This sweet bedtime book is now available in a board book format!

Bless the moon, bless the stars Bless my night light, bless my cars . . .

This touching good night prayer brings the beauty and sincerity of a child's simple wishes to life. The rhyming text, in a young child's narrative, captures the essence of childhood and all that is held near and dear. This book is the perfect way to prepare children for bedtime--inviting them to contemplate their own good night blessings and comforting them as they drift off to sleep.

Editorial Reviews

Publishers Weekly
Previously paired for A Child Was Born, Maccarone and Williams offer an unusually gentle bedtime verse, a sweetly distilled prayer for the very young. The work opens with a view of one pajama-clad child kneeling on a crescent moon to wave at another child, who leans over a star on the facing page; "Bless the moon" appears within the crescent, "Bless the stars" within the star. A series of multiethnic children goes on to bless toys, self and so on, ending with "Bless the children everywhere." God stays unnamed, which allows parents to decide how to adapt the verse to their own spiritual practices and leanings.

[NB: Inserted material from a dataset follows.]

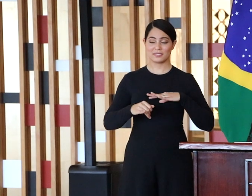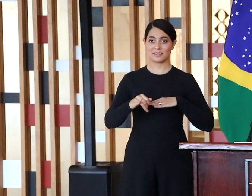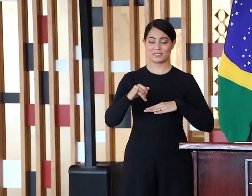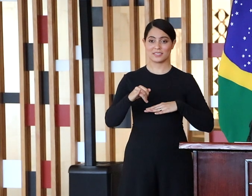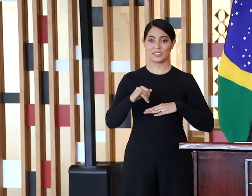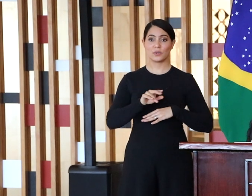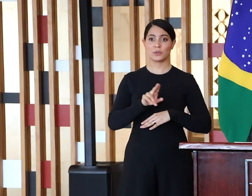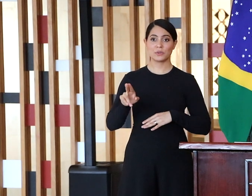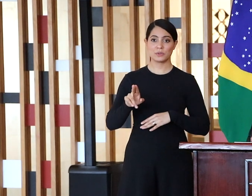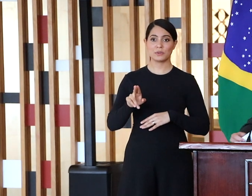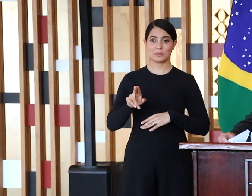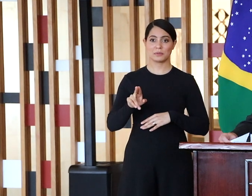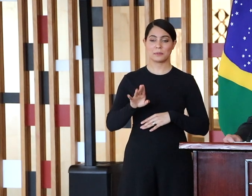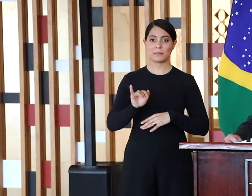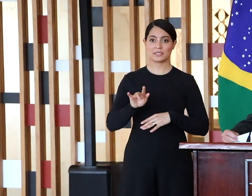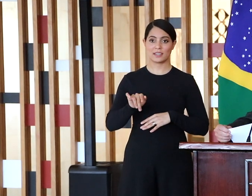Lília Mascarenhas,

Another distinctive aspect of this book is the author and artist's embrace of a childlike perspective: the blessing conferred on "the family/ in its house" is depicted in terms of a happy girl looking into a well-populated dollhouse. The warmly lit watercolors are scaled to show children large on the page, creating intimacy and implying the child's sovereignty over his or her small world. And with no more than six words per spread, even youngest members of the target audience will find it easy to commit the verse to memory. Ages 2-6. (Aug.) Copyright 2001 Cahners Business Information.
Publishers Weekly - Publishers Weekly
Originally published in hardcover as A Child's Good Night Prayer, this gentle title, Bless Me by Grace Maccarone, illus. by San Williams, now appears in board-book format. Spare text follows an array of multiracial children as they bestow blessings on toys, family and the "water, earth, and air." Of the original, PW noted, "God stays unnamed, which allows parents to decide how to adapt the verse to their own spiritual practices and leanings." Copyright 2004 Reed Business Information.
Children's Literature
The original book entitled A Child's Good Night Prayer has been transformed into a board book and also been given a new title. The text is pretty simple with the phrase "Bless the..." repeated on each page as young children name all of the things familiar to their world. It starts out broad with the moon and stars and then closes in on the things found in a kid's room such as a night-light, toys, stuffed animals and a pet. It then moves out of that close world to ask for a blessing of the water, earth and air and finally "Bless the children everywhere!" The sentiment is admirable, and the monotony of the text is relieved by Williams charming illustrations of a variety of kids and the world around them. It will appeal to younger children looking for a gentle way to settle down for the night. 2004 (orig. 2001), Scholastic, Ages 6 mo. to 3.
—Marilyn Courtot
School Library Journal - School Library Journal
PreS-A sweetly rhymed, very simple litany of blessings is asked upon things dear to little ones: the moon and stars; toy cars, trucks, and animals; chairs and table; pet mouse; dollhouse family; pillow, bed, and nightlight; myself from head to toe; water, earth, and air (as seen at the beach); and children everywhere. Softly colored, cartoon-style, double-page illustrations show winsome, sturdy, multiethnic boys and girls enjoying their favorite possessions and experiences. The appealing pictures and gentle rhythm of the words should soothe any preschooler to sleep.-Patricia Pearl Dole, formerly at First Presbyterian School, Martinsville, VA Copyright 2001 Cahners Business Information.
Kirkus Reviews
A sweet ode of gratitude for the simple pleasures in a child's life. Maccarone's (A Child Was Born, not reviewed, etc.) rhyming verses, containing just a twinkling of humor, enumerate the many things for which little ones can be grateful. The eclectic list begins in a haphazard fashion; each four-line stanza is organized more according to rhyme than category, with the blessings heaped on the night sky and toy cars with equal fervor. Yet, despite this unorthodox coupling, Maccarone gets at the core of a child's universe, the favorite and familiar: the toys, furniture, and all the minutiae adults so easily pass over but are so vital to and loved by children. By the conclusion, the narrators have expanded beyond the limits of their own sphere to include a heartfelt blessing of the wide world. "Bless the water, / earth, and air / Bless the children / everywhere." Williams's (Sleepy Me, p. 590, etc.) softly drawn illustrations reflect the spirit of the poem. Full-bleed paintings in a symphony of sleepy-time hues set the tone for slumber. From mischievous tots whimsically perched atop the moon and stars to a child cuddling with stuffed animals, Williams deftly combines fantastical landscapes with cozy, comforting real-world images. A gentle reminder for youngsters (and adults, too) to be grateful for the small things. (Picture book. 2-6)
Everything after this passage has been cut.